• PROBLEM STATEMENT: Reproduce verbatim all of the data given below, but do not carry over the images.

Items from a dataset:
■ ■ ■

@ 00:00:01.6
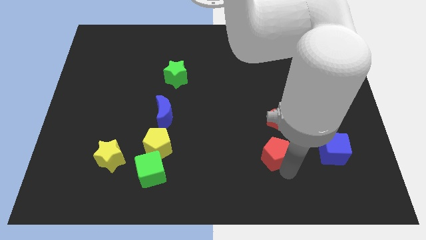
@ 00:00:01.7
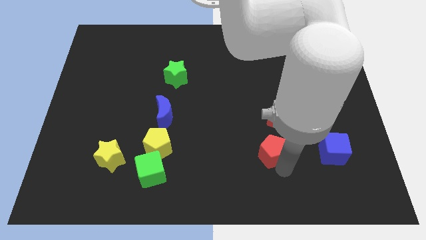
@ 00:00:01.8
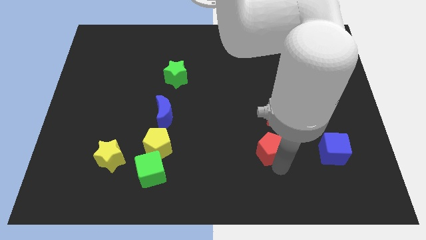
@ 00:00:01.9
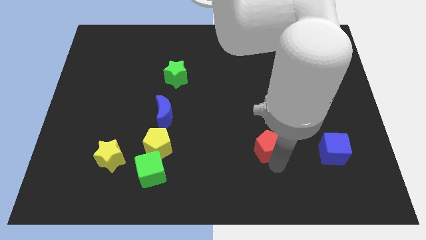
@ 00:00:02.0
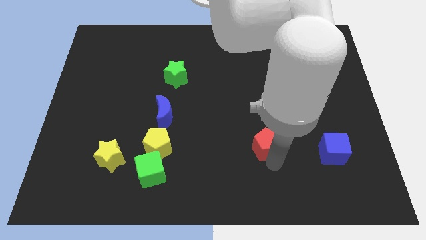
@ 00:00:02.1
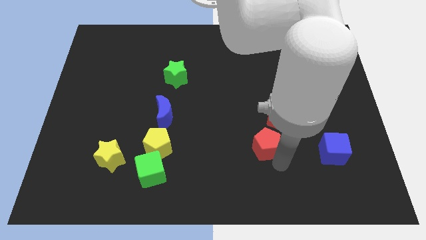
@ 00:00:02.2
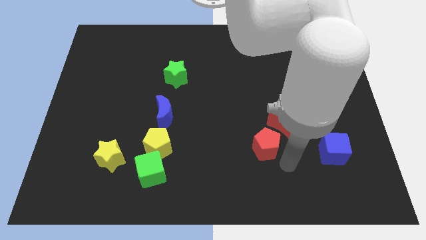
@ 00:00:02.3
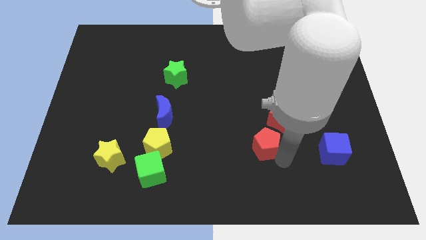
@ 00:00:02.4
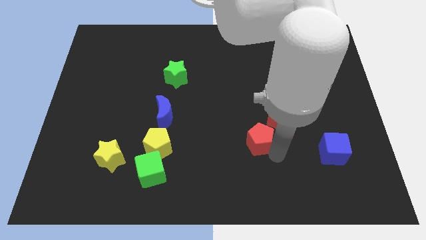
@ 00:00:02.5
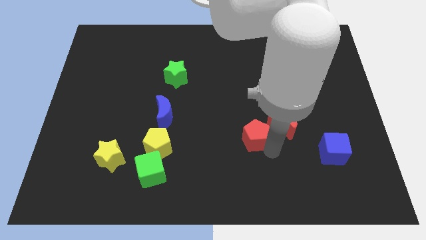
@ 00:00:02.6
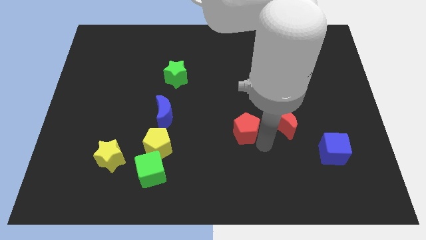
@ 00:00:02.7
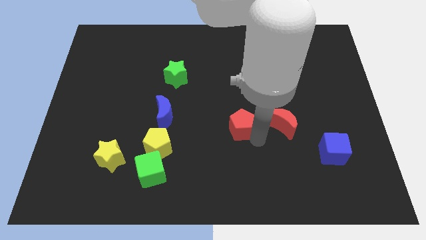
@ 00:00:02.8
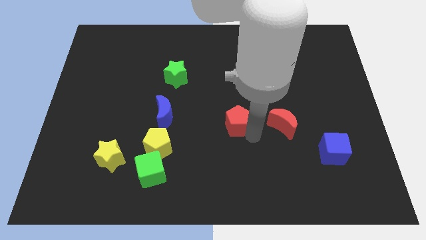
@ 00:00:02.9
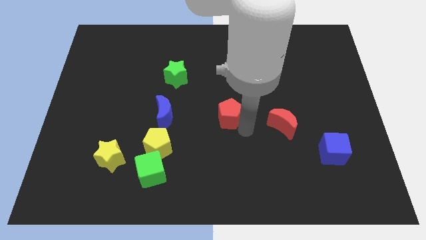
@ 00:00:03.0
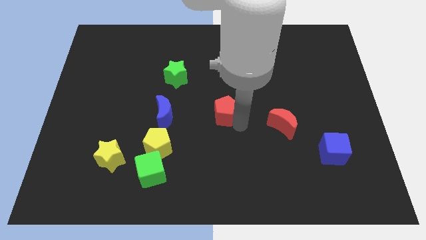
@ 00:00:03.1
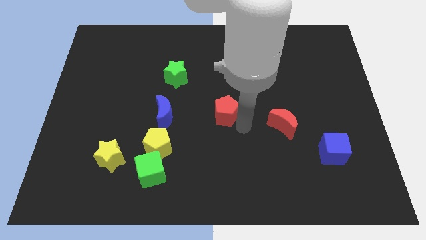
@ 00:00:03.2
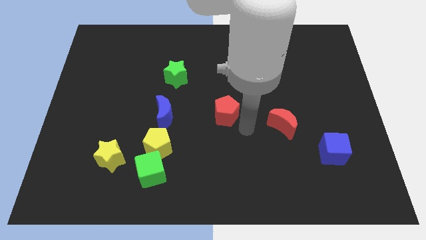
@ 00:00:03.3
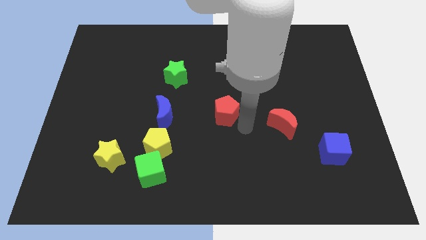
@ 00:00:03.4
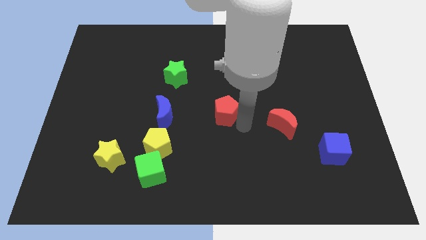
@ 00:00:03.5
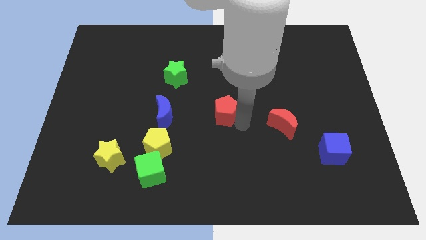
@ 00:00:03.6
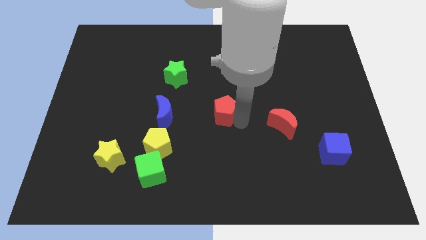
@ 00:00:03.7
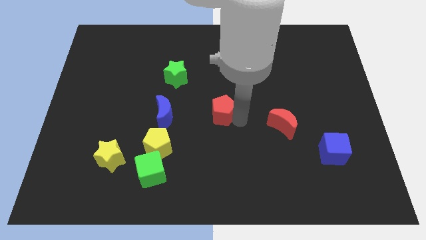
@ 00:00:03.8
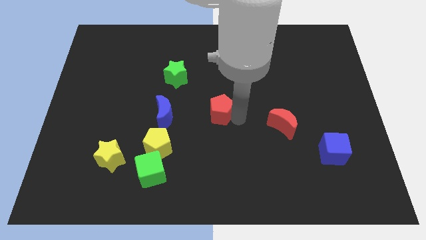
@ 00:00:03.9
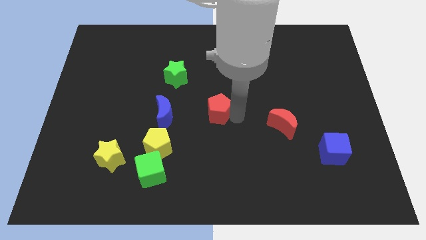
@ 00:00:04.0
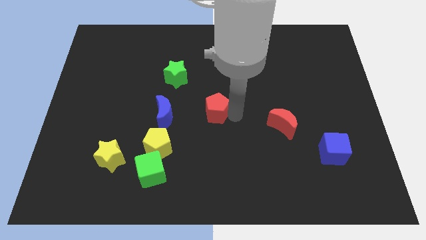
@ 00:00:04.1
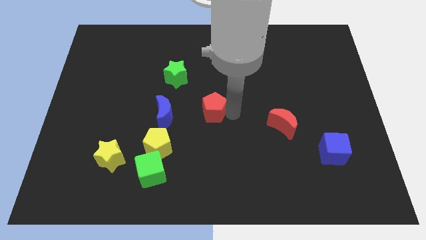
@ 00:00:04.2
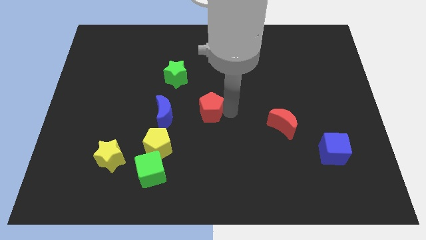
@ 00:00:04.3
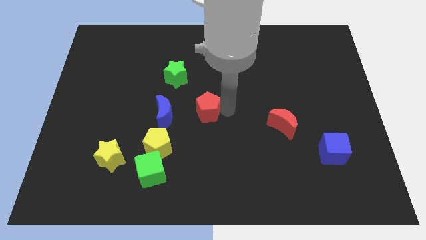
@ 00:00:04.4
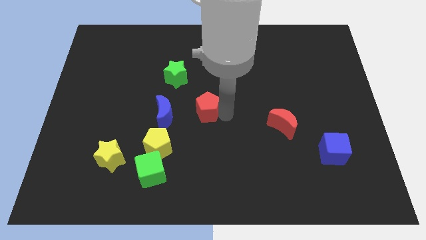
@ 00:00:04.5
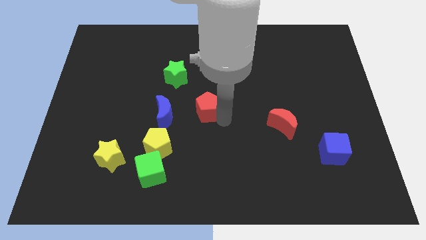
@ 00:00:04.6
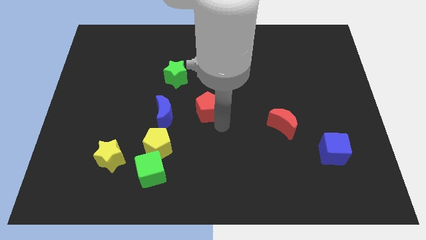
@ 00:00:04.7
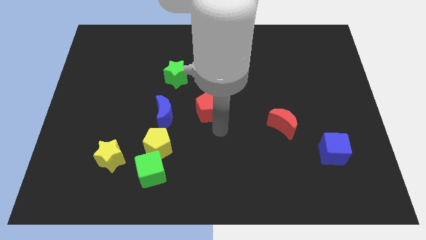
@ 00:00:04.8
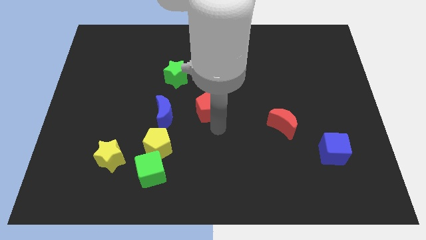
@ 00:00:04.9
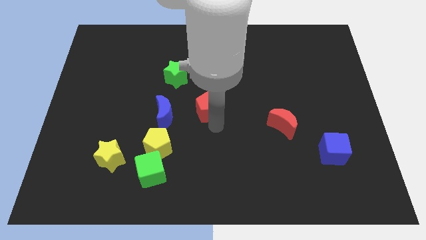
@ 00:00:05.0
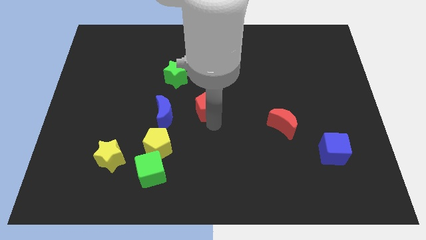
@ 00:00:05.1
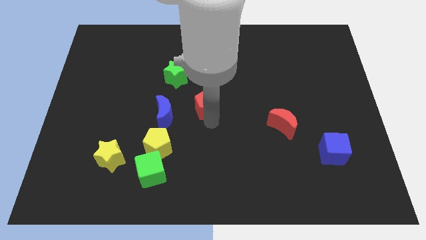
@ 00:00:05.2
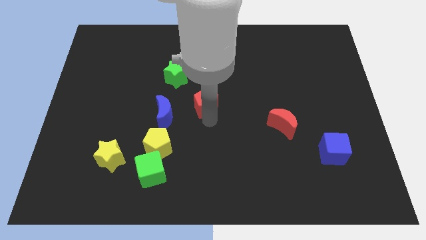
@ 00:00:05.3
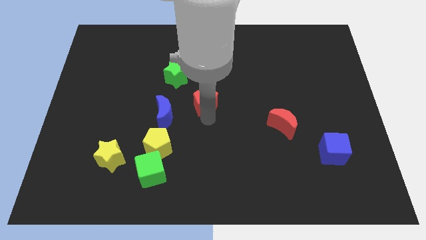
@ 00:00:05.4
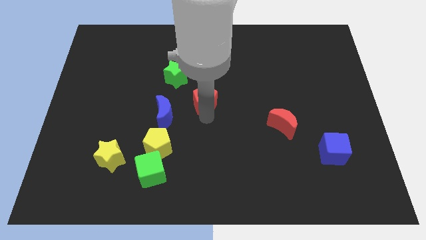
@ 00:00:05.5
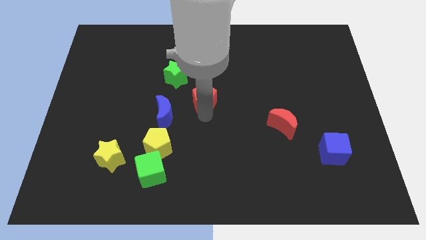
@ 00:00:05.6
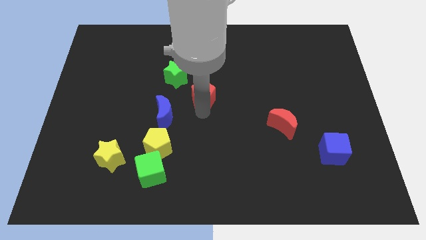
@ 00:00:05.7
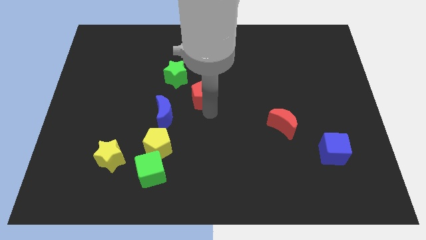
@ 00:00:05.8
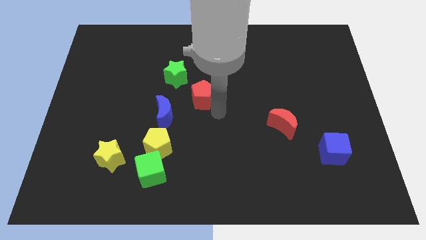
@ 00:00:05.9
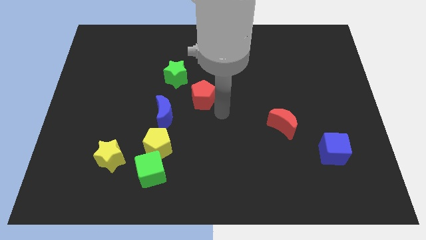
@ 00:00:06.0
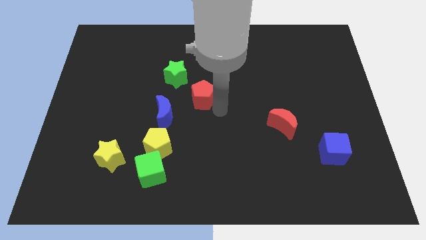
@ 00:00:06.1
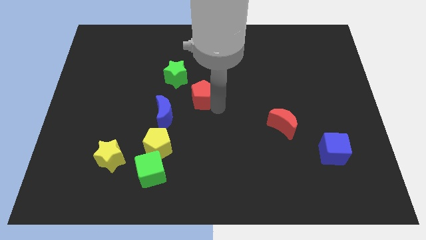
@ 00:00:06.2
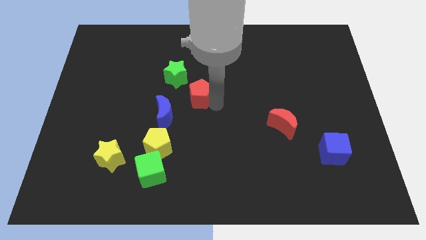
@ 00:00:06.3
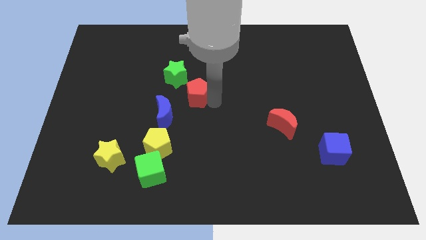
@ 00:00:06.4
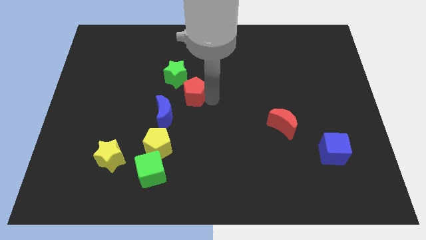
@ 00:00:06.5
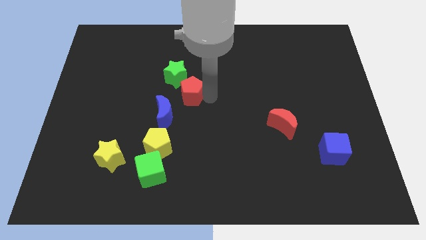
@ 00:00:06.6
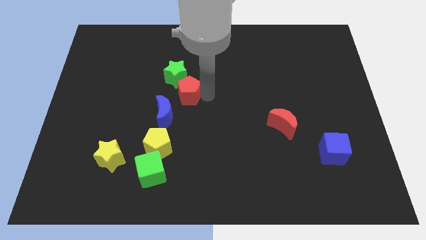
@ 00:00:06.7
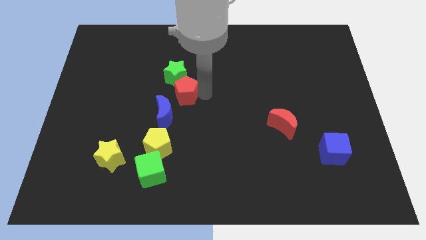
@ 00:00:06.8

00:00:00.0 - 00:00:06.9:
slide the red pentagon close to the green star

■ ■ ■

• EXERCISE RESULT:
@ 00:00:01.6
@ 00:00:01.7
@ 00:00:01.8
@ 00:00:01.9
@ 00:00:02.0
@ 00:00:02.1
@ 00:00:02.2
@ 00:00:02.3
@ 00:00:02.4
@ 00:00:02.5
@ 00:00:02.6
@ 00:00:02.7
@ 00:00:02.8
@ 00:00:02.9
@ 00:00:03.0
@ 00:00:03.1
@ 00:00:03.2
@ 00:00:03.3
@ 00:00:03.4
@ 00:00:03.5
@ 00:00:03.6
@ 00:00:03.7
@ 00:00:03.8
@ 00:00:03.9
@ 00:00:04.0
@ 00:00:04.1
@ 00:00:04.2
@ 00:00:04.3
@ 00:00:04.4
@ 00:00:04.5
@ 00:00:04.6
@ 00:00:04.7
@ 00:00:04.8
@ 00:00:04.9
@ 00:00:05.0
@ 00:00:05.1
@ 00:00:05.2
@ 00:00:05.3
@ 00:00:05.4
@ 00:00:05.5
@ 00:00:05.6
@ 00:00:05.7
@ 00:00:05.8
@ 00:00:05.9
@ 00:00:06.0
@ 00:00:06.1
@ 00:00:06.2
@ 00:00:06.3
@ 00:00:06.4
@ 00:00:06.5
@ 00:00:06.6
@ 00:00:06.7
@ 00:00:06.8

00:00:00.0 - 00:00:06.9:
slide the red pentagon close to the green star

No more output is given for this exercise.